Data shown:
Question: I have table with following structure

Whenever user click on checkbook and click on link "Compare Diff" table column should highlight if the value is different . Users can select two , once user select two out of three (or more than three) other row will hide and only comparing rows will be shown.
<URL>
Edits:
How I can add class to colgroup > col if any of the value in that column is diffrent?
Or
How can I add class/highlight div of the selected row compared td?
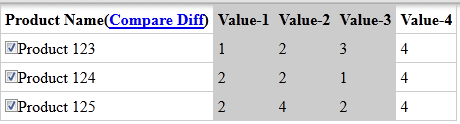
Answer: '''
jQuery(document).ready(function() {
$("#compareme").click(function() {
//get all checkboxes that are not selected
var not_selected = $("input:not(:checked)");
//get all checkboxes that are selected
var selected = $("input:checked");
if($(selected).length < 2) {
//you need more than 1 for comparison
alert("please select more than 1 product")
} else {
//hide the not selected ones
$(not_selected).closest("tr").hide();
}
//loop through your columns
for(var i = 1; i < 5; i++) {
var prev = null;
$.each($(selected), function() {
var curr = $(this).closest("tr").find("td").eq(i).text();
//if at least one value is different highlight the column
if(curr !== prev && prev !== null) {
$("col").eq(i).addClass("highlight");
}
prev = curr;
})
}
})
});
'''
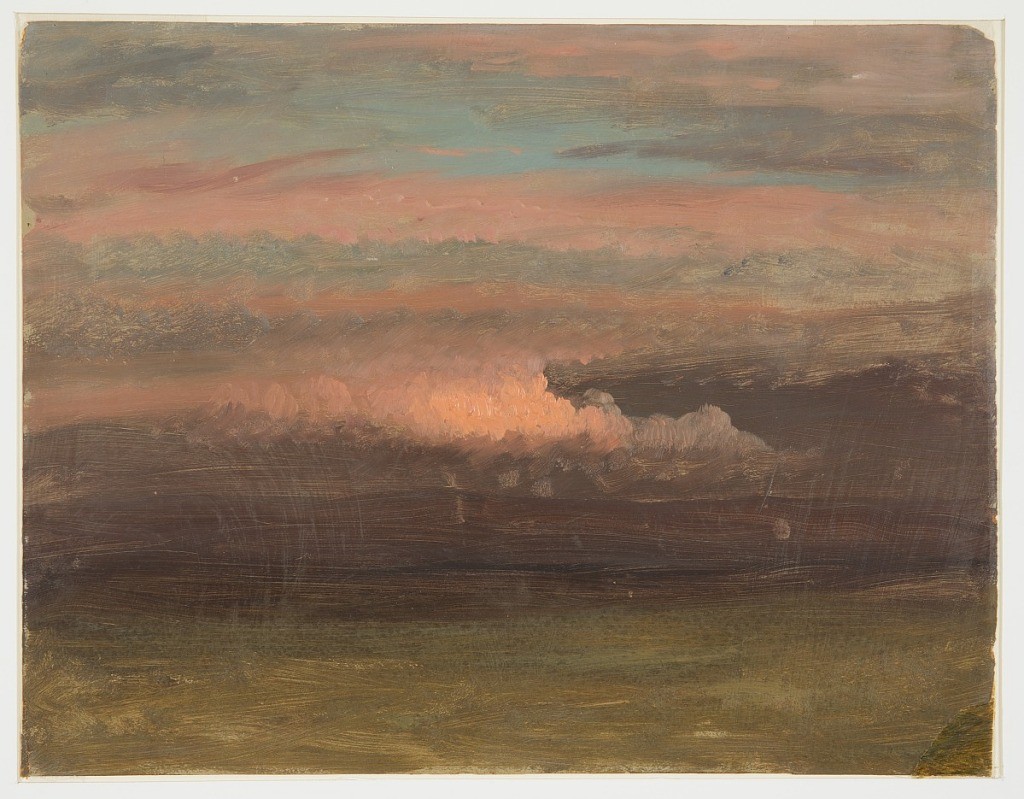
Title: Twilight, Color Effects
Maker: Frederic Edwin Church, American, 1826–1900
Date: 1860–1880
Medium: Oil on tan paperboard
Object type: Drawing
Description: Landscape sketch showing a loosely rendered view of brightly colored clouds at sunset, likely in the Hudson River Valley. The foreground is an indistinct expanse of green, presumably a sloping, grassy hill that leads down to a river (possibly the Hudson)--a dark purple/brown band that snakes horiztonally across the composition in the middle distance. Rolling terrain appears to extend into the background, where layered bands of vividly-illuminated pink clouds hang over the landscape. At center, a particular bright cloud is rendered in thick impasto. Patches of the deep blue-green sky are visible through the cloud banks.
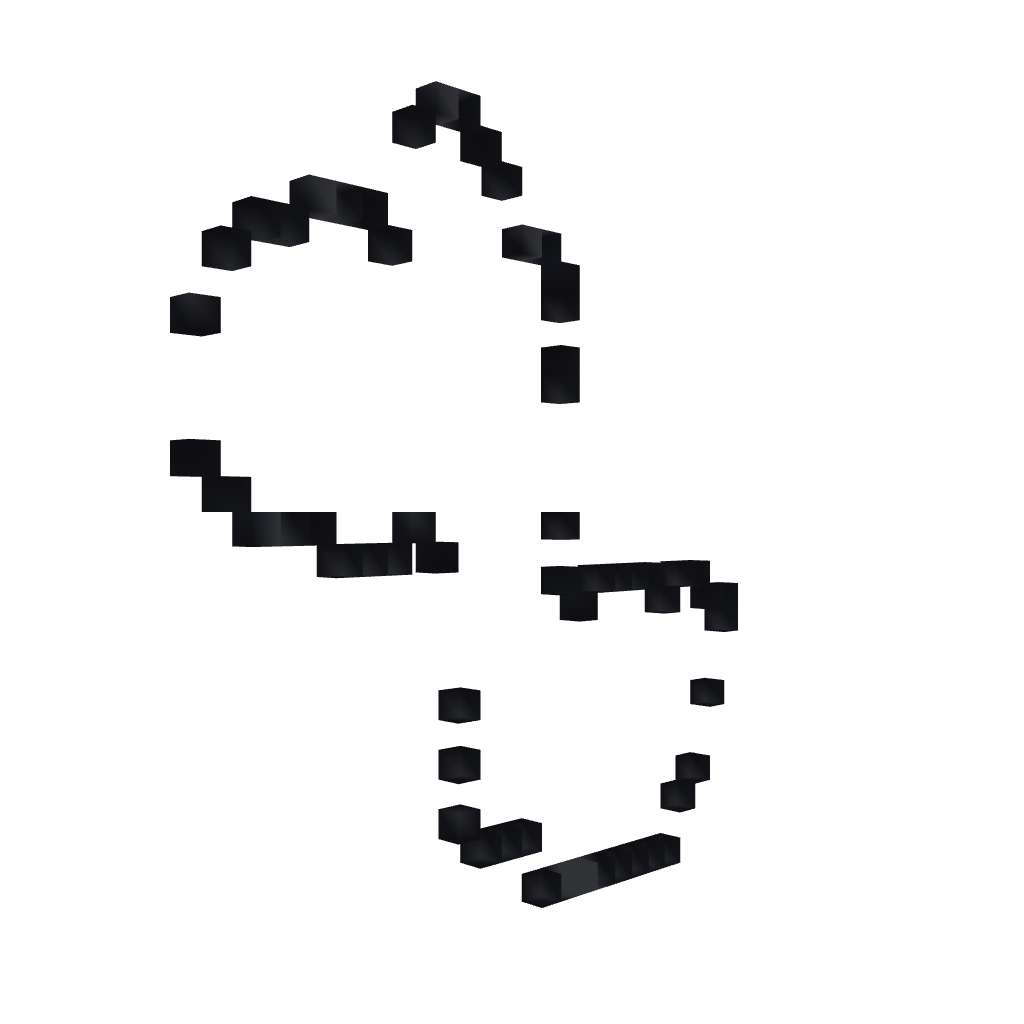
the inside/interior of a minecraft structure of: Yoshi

Problem to solve:
Would you retype the lines from the line containing "Title: Twilight, Color Effects" to the final line of the entries above, exactly as given and without pictures?

Response area:
Title: Twilight, Color Effects
Maker: Frederic Edwin Church, American, 1826–1900
Date: 1860–1880
Medium: Oil on tan paperboard
Object type: Drawing
Description: Landscape sketch showing a loosely rendered view of brightly colored clouds at sunset, likely in the Hudson River Valley. The foreground is an indistinct expanse of green, presumably a sloping, grassy hill that leads down to a river (possibly the Hudson)--a dark purple/brown band that snakes horiztonally across the composition in the middle distance. Rolling terrain appears to extend into the background, where layered bands of vividly-illuminated pink clouds hang over the landscape. At center, a particular bright cloud is rendered in thick impasto. Patches of the deep blue-green sky are visible through the cloud banks.
the inside/interior of a minecraft structure of: Yoshi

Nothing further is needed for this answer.